Oldenburg (Low German: Ollnborg) is an independent city in Lower Saxony, Germany. It is situated in the western part of the state between the cities of Bremen and Groningen, Netherlands, at the Hunte river. It has a population of 160,279 (as of 2008) which makes it the fourth biggest city in Lower Saxony after Hanover, Braunschweig and Osnabrück. In German, the city is known officially as Oldenburg (Oldenburg) or Oldenburg (Oldb) to distinguish it from Oldenburg in Holstein.

Contents

History

The town was first mentioned in 1108, at that time known under the name of Aldenburg. It became important due to its location at a ford of the navigable Hunte River. Oldenburg became the capital of the County of Oldenburg (later a Duchy, Grand Duchy and Free State), a small state in the shadow of the much more powerful Hanseatic city of Bremen.[2]

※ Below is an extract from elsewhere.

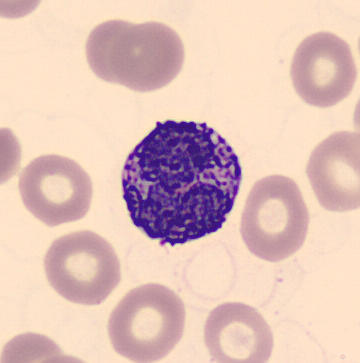

Cell — basophilic granulocyte.
Peripheral blood smear.

In the 17th century, Oldenburg was a wealthy town in a time of war and turmoil and its population and power grew considerably. In 1667, the town was struck by a disastrous plague epidemic and, shortly after, a fire destroyed Oldenburg. The Danish kings, who were also counts of Oldenburg at the time, were not much interested in the condition of the town and it lost most of its former importance. In 1773, Danish rule ended. It was only then that the destroyed buildings in the city were rebuilt in a Classicist style.[2]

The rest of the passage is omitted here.